ASSAY: A JOURNAL OF NONFICTION STUDIES
5.1
5.1
What do you use shoes for?
My mouth clamps shut. Hands wringing in lap. Willing-my-legs-to-not-swing. I sit in the principal’s office, a dim but cozy place with soft chairs, and stare at him in silence. He stares back at me with expectation. His black-brown beard with stray grey hairs. His kindly wrinkled eyes. Silence like a third person between us. I am afraid that if I speak, one orphaned answer will spring from my mouth and all by itself that one answer will have to be wrong. Because there are so many answers.
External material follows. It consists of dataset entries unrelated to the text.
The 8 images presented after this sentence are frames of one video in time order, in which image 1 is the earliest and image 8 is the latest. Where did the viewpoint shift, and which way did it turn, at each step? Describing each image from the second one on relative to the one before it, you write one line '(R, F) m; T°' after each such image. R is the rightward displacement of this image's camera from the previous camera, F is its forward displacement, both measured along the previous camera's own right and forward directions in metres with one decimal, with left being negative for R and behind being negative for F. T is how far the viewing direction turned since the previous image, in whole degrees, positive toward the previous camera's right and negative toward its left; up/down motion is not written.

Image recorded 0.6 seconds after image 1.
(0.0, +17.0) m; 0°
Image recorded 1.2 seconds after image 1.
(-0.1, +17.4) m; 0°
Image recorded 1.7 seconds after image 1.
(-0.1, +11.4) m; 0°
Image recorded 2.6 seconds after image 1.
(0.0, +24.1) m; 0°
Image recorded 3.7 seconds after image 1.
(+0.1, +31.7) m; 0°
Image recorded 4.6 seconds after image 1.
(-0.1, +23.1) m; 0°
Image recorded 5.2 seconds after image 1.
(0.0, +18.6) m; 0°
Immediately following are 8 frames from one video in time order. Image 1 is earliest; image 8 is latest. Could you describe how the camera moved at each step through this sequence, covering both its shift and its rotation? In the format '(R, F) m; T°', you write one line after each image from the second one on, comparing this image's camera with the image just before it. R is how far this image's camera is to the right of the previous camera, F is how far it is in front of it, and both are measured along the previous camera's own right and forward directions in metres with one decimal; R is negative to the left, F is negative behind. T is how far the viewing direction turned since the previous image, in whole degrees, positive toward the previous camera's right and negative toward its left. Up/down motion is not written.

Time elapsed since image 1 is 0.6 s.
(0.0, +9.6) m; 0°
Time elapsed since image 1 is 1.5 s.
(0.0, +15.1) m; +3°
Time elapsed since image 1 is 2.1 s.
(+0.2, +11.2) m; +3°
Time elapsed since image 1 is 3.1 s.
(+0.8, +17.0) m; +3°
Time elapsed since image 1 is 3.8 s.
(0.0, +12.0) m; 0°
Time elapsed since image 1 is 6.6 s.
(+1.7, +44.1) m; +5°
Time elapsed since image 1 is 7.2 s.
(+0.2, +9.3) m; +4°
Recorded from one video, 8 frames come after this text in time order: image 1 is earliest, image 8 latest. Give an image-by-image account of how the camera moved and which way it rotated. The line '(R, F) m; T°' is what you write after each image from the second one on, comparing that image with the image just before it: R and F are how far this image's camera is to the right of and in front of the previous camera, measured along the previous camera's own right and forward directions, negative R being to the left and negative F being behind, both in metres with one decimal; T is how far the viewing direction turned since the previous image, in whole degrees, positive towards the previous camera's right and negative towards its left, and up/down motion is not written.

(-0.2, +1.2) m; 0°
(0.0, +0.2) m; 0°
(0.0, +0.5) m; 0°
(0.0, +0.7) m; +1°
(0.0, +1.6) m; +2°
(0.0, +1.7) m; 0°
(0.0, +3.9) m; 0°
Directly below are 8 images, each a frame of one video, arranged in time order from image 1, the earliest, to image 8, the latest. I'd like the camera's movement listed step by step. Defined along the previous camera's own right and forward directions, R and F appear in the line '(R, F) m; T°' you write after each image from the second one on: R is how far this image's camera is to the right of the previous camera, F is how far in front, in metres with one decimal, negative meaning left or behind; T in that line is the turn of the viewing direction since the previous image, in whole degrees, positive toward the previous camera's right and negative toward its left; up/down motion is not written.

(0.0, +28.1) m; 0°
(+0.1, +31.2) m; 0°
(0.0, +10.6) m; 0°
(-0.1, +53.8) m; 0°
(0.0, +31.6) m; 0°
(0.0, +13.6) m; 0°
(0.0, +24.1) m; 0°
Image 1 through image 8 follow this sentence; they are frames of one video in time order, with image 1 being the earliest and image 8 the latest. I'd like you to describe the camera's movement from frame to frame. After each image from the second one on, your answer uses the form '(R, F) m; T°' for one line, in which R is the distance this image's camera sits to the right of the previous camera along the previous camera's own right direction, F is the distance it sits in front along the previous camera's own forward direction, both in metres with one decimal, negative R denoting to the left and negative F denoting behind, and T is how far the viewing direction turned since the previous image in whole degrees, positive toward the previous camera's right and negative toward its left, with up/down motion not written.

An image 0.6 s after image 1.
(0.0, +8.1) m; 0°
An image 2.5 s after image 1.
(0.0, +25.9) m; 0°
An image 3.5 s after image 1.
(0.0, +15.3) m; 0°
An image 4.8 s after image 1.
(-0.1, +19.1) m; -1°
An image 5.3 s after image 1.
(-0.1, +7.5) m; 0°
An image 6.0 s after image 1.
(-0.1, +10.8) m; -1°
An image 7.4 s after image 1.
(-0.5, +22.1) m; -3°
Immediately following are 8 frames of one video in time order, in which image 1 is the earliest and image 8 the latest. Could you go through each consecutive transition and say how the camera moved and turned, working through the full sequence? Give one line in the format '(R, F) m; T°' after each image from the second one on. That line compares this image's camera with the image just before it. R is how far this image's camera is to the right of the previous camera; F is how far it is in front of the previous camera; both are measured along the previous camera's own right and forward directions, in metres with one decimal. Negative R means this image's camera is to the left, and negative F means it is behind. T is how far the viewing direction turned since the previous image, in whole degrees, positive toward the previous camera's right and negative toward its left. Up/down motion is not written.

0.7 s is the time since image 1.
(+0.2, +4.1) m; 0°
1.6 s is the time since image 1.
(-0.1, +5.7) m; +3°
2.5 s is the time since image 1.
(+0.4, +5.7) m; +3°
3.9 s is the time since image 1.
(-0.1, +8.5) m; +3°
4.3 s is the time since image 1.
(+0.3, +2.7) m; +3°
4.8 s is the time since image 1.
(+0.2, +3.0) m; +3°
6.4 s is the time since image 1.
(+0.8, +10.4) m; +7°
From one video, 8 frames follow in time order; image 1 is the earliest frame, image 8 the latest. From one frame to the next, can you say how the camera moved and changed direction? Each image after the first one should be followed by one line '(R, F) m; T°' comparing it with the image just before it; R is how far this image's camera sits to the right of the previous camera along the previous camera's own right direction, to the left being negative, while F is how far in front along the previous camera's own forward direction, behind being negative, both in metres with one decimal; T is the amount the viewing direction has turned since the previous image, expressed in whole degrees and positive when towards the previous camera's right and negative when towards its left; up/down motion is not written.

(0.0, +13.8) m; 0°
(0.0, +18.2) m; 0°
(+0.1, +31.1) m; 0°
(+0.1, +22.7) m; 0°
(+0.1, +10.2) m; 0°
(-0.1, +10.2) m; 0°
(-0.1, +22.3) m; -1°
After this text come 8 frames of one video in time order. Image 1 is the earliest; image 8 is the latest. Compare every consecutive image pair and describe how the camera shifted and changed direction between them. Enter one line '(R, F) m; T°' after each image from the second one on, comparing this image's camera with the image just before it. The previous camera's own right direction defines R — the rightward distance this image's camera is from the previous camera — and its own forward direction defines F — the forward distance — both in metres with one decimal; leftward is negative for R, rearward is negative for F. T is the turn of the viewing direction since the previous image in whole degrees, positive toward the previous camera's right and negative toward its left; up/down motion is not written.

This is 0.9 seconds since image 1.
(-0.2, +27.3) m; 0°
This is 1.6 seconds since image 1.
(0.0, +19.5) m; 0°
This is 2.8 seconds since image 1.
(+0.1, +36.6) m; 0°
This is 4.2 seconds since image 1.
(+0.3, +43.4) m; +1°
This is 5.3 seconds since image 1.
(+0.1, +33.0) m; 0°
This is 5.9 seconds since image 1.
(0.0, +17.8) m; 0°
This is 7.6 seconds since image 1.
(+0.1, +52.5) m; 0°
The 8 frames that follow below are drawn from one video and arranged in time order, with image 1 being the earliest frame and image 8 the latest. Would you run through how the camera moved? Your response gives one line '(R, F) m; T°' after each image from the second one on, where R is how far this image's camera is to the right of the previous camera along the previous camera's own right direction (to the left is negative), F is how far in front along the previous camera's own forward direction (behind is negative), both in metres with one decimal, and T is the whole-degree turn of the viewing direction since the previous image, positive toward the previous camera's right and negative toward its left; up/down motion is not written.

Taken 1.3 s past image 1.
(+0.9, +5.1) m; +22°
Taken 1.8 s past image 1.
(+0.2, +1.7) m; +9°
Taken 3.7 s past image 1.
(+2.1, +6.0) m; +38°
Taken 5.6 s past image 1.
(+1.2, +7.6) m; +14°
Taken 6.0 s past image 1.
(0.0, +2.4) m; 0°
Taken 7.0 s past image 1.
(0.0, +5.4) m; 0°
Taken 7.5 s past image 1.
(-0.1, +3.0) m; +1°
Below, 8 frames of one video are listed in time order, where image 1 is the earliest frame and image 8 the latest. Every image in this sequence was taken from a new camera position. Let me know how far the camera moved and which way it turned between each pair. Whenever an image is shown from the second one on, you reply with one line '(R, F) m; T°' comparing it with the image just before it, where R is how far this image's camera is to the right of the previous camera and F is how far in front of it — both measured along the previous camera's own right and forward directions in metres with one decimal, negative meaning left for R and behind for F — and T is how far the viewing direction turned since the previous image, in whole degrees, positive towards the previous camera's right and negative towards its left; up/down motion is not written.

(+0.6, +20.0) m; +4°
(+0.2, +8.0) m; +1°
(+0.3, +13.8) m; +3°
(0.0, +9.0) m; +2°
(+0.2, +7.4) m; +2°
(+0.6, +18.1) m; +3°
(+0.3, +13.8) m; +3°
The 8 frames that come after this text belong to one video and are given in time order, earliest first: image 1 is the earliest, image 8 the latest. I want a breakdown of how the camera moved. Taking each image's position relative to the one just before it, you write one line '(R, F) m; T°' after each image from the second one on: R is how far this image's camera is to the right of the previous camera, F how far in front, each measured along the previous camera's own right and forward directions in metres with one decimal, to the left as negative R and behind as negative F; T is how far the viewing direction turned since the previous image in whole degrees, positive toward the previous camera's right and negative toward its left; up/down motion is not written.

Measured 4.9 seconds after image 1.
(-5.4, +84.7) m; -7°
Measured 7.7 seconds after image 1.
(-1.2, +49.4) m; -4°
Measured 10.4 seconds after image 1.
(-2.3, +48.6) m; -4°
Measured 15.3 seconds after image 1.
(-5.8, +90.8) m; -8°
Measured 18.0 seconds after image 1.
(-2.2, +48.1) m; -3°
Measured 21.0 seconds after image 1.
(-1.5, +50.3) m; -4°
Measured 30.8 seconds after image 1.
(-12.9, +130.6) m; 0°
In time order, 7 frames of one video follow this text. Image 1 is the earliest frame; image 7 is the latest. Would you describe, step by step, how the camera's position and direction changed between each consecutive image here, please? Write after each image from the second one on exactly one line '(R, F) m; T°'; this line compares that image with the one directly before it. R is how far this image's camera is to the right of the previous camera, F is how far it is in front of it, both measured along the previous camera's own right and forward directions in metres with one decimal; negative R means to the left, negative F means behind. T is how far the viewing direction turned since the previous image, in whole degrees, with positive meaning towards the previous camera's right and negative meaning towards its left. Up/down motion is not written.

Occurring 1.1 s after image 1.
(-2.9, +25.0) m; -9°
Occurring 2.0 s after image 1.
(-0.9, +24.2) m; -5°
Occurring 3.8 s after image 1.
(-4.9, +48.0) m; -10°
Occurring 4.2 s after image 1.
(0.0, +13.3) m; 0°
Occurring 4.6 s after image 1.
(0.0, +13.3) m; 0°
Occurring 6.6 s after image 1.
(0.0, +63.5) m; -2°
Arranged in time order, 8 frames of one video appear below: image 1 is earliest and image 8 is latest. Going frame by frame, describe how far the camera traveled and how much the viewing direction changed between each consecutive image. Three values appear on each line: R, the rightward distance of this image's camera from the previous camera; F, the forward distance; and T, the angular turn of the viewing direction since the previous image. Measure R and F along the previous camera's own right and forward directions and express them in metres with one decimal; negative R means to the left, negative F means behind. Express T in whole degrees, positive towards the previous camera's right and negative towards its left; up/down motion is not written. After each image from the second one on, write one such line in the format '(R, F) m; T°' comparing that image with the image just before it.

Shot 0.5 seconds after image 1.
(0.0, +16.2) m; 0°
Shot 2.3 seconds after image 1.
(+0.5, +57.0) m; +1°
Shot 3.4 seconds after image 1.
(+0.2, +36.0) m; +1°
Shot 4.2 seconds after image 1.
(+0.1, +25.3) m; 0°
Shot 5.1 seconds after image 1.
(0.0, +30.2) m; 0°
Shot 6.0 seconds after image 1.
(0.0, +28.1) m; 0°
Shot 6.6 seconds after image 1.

What do you use shoes for? for rain for color to keep from stubbing my toe to scrape on the ground to stop my bike with its broken brakes to keep from getting that worm Mom says gets under your skin in bare feet to dress up like my mom when she wears heels to show I’m a girl and have my own shoes (even when I have to wear my brother’s hand-me-down clothes) to show that I’m a tomboy on days I don’t feel like being a girl to show that we are lucky enough to buy nice shoes but I’m ashamed of this too, because we live in America (not like some relatives in the Philippines.) Surely this would be too much to say too much space to take up in such a small dim room, with the once-smiling principal looking at me now in confusion.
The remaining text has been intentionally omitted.